Webmail & IMAP Login Failures - Cluster B
Incident Report for OpenSRS
Postmortem

Incident Date: December 03, 209
Incident Number: PR-644

On December 3, 2019, at 11:15 am ET, Tucows HostedEmail platform experienced service degradation, email delivery delays, impacting inbound traffic in prod B.

The service degradation was caused by a high load on a network storage device due to a disk failure.

At 14:34 ET, The Operations team restored all the services and stabilize the load in the email environment. At 20:17 ET Operations team successfully completed the disk rebuild.

Preventive measures: As part of the ongoing stabilization efforts in PROD B; Tucows will prioritize the migration of mail stores on the affected hardware onto high-performance storage to prevent further client impact.

Thank you,

Tucows Operations

Posted Dec 06, 2019 - 18:12 UTC

Resolved
All Cluster B email issues are now resolved and users should no longer receive any errors when logging into their webmail.

A storage device failure resulted in higher loads across Cluster B which in turn, resulted in IMAP/Webmail/POP services being degraded. Temporarily disabling IMAP nodes to lighten the load while the necessary repairs were made helped bring the cluster back online.
Posted Dec 03, 2019 - 20:10 UTC
Monitoring
IMAP, POP and Webmail services are now back up for all customers. Users will start to see emails arrive in their inboxes as the system is brought back up as well.
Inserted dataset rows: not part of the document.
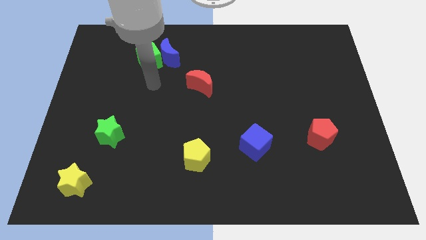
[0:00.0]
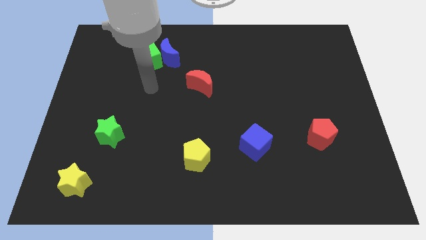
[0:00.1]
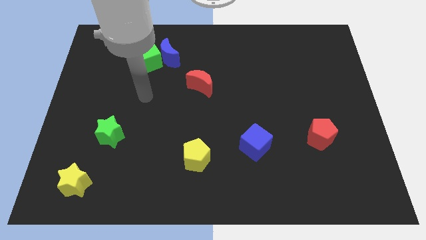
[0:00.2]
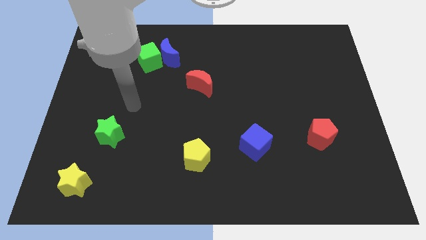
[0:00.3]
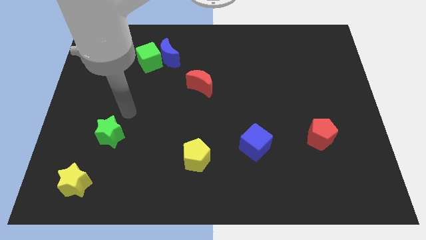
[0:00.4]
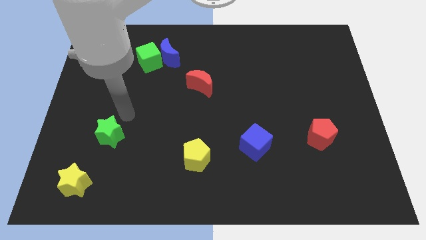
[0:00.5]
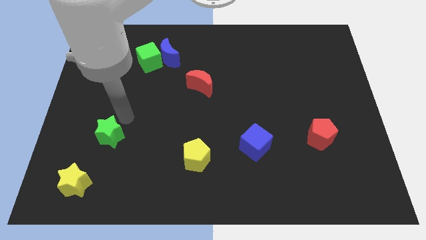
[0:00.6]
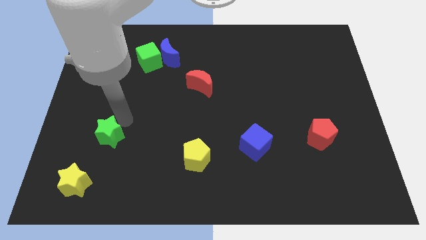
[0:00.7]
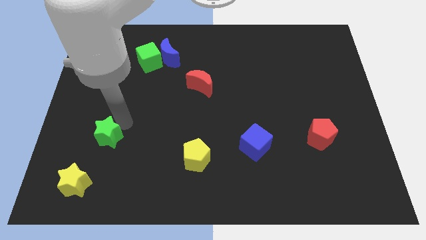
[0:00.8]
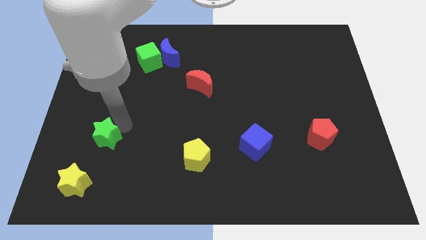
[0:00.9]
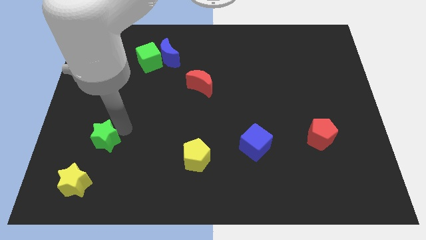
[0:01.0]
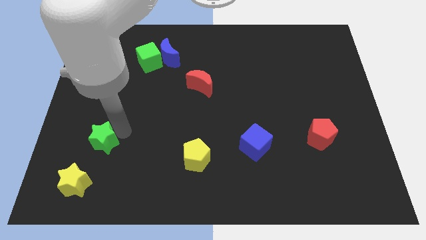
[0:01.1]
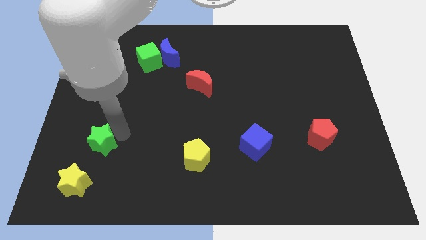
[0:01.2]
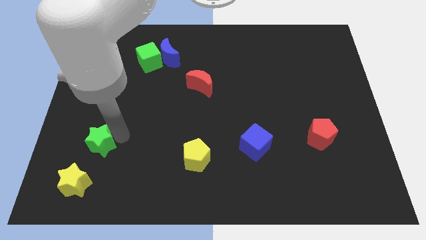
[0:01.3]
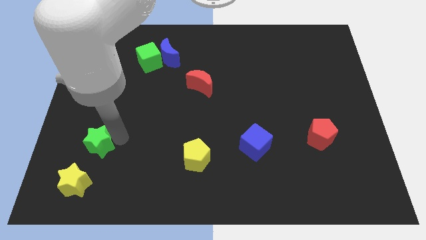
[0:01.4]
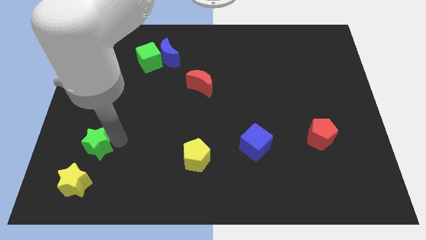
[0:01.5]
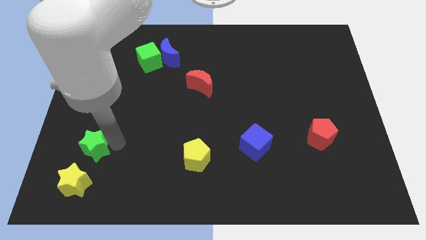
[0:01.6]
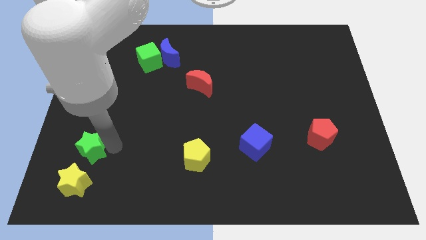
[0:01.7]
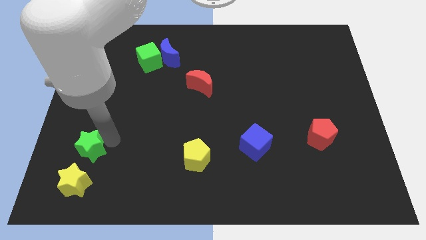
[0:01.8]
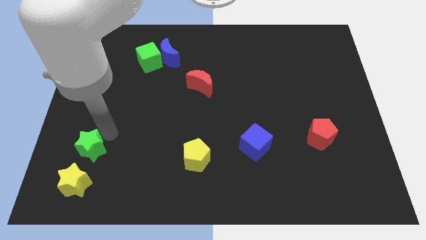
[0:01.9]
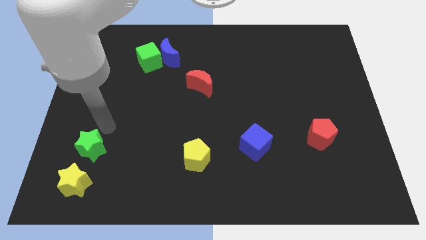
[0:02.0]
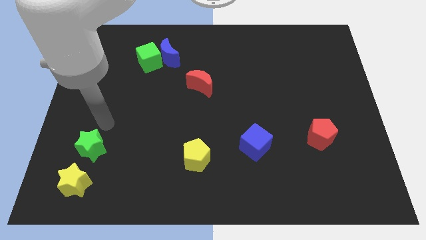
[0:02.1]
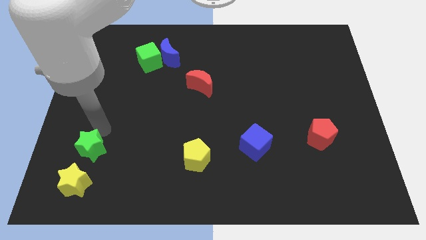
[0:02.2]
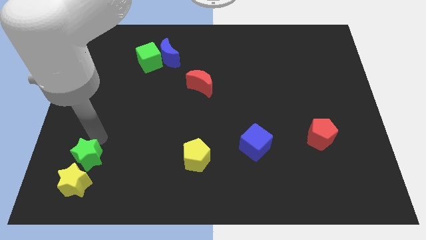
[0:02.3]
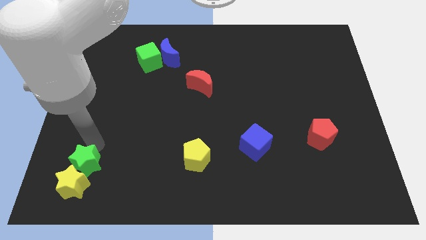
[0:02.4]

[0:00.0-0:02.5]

Next Update at 7:30 PM UTC
Posted Dec 03, 2019 - 19:04 UTC
Update
Our engineering team continue to work on at mitigating the impact of this issue. Some users may be able to access their webmail if they are able to access via IMAP as well. Otherwise the issue will still be present.

Next Update at 7:00 p.m. UTC
Posted Dec 03, 2019 - 18:28 UTC
Update
We continue to investigate login failures on cluster B. Users will be unable to login via Webmail and may experience login or connection degradation via IMAP.
Posted Dec 03, 2019 - 17:40 UTC
Update
We are currently investigating reports of login failures via webmail for cluster B. Users will be unable to log into their accounts at this time.

Users will be able to access email via IMAP/SMTP through Email clients during this outage.
Posted Dec 03, 2019 - 16:50 UTC
Investigating
We are currently investigating reports of login failures via webmail for cluster B. Users will be unable to log into their accounts at this time.
Posted Dec 03, 2019 - 16:40 UTC
This incident affected: Hosted Email (Cluster B, Webmail).